The headlines are written in a real-news register but the underlying scenarios are composite, not real events. The point is the typology, not journalism.
- “Foreign intelligence service used commodity image-generation model to produce thousands of fake political ad assets targeted at swing-state voters in the final week of the campaign.”
- “Frontier lab compressed its planned eight-week pre-deployment evaluation window to ten days after competitor announced similar model launch, internal memo shows.”
- “Hospital chain deployed AI triage system that systematically deprioritized a patient subgroup for fourteen months; clinical staff flagged concerns four times without escalation.”
- “Open-weights language model fine-tuned on a misspecified reward objective produced outputs that scored well on the reward metric but consistently fabricated citations, and four rounds of patches did not bring fabrication rate below baseline.”
- “Autonomous logistics-routing system optimized for delivery speed allocated resources in ways that increased emissions in a low-income district by 40 percent over six months before the routing weights were adjusted.”
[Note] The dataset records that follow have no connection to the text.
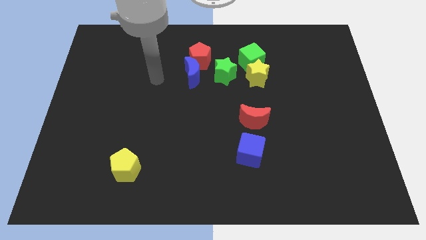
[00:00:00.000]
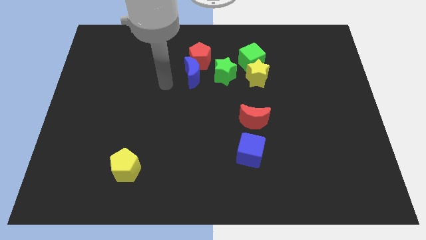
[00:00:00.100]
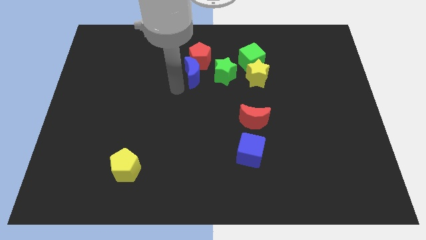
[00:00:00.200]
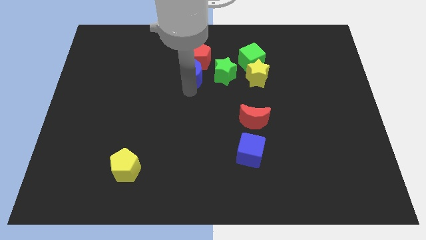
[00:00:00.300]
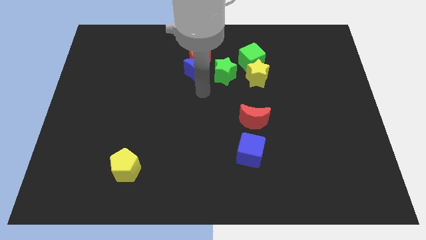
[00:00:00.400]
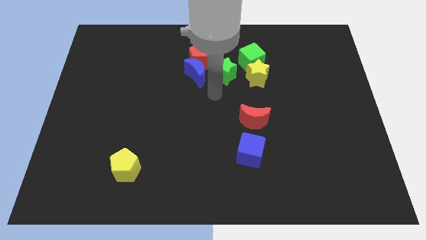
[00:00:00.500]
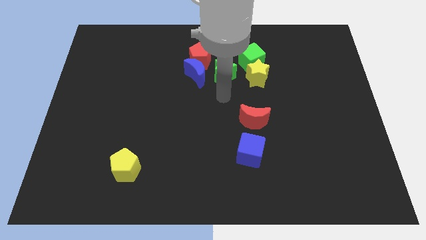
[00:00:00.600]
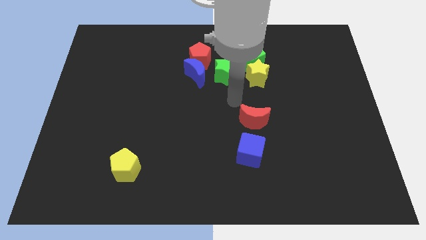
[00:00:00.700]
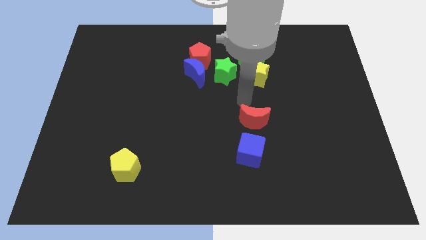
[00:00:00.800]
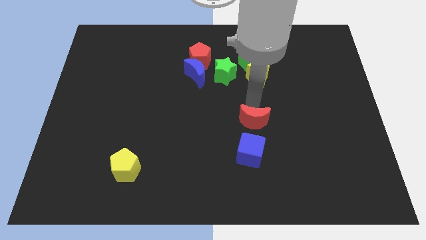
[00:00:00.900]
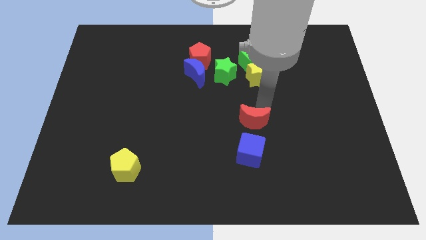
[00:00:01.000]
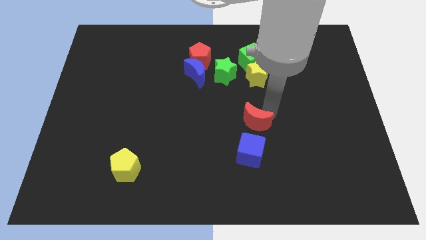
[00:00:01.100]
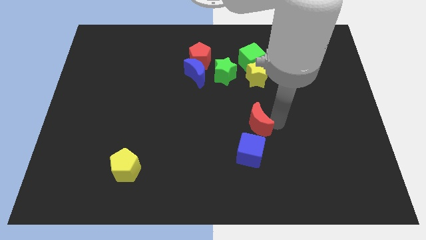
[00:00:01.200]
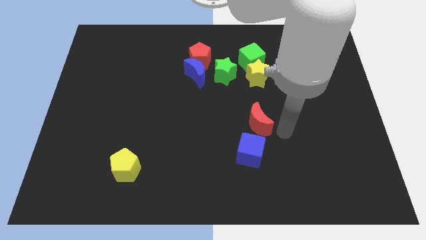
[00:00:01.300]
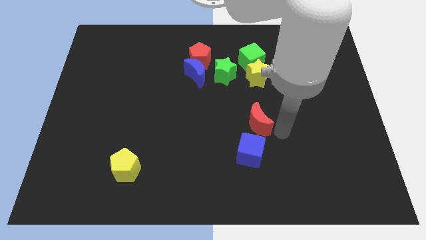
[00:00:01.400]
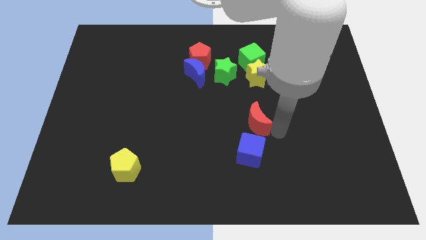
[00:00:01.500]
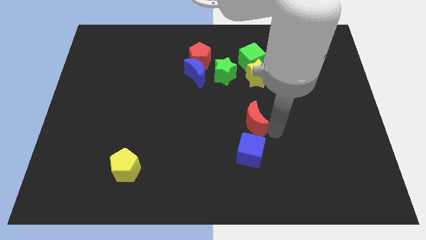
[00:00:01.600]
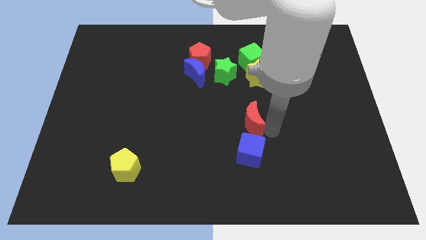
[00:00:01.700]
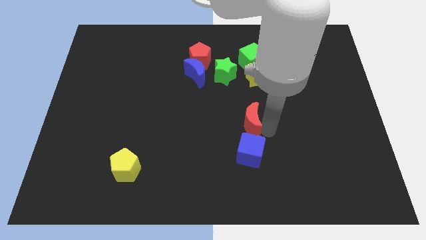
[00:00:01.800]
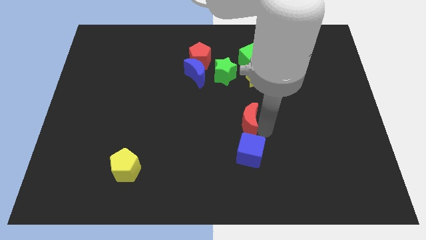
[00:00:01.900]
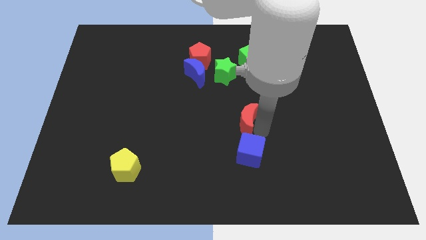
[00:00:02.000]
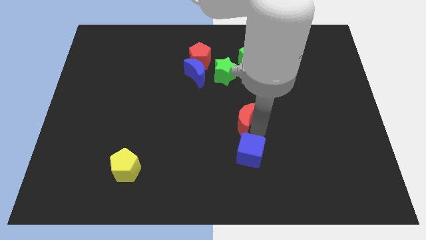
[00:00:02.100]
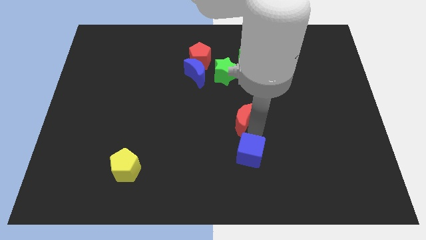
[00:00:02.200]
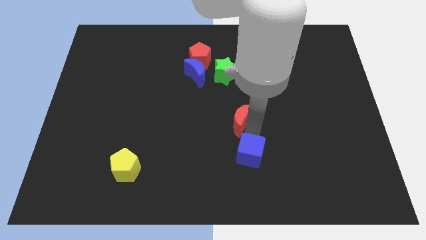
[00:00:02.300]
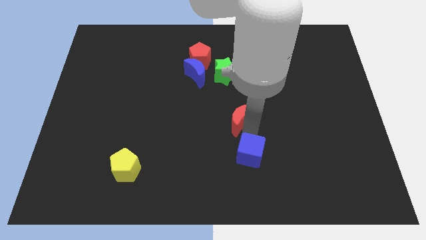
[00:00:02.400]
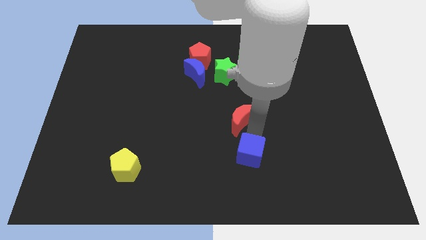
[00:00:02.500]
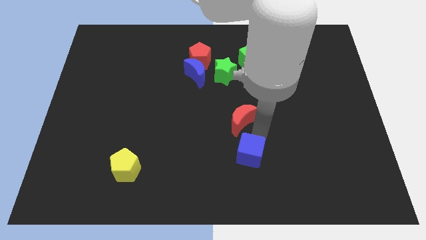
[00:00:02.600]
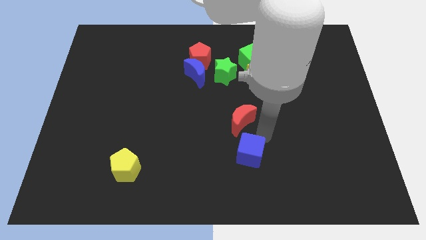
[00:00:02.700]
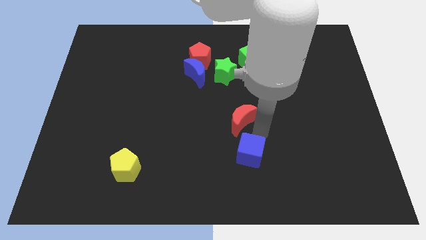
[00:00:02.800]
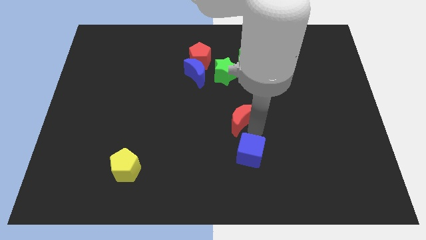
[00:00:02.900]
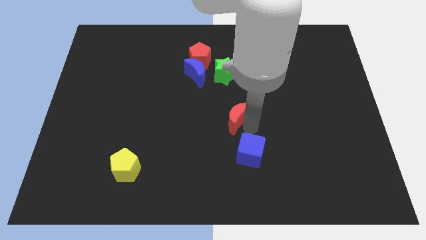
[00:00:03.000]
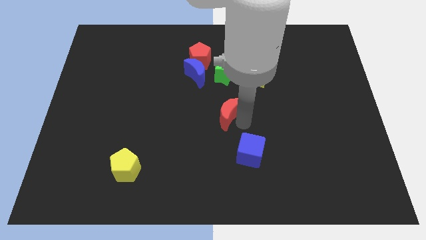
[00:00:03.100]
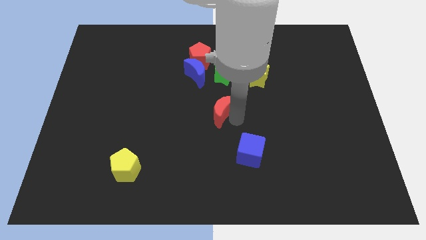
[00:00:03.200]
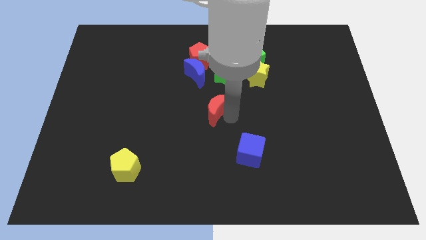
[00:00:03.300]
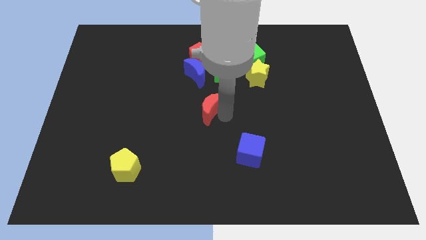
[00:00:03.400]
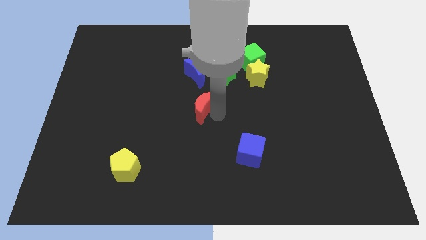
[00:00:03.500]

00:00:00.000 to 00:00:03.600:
push the red moon below the red pentagon

- “State actor in a country with weak press protections deployed nation-scale facial recognition tied to public-transit access, with reported use to suppress protest organizers.”
Answer key
Section titled “Answer key”- Malicious use. Sub-mechanism: disinformation, specifically AI-amplified targeted political manipulation (Hendrycks Ch 1.2). Lever: content provenance and watermarking infrastructure for generated assets, plus platform-level abuse detection tuned to political-ad content patterns.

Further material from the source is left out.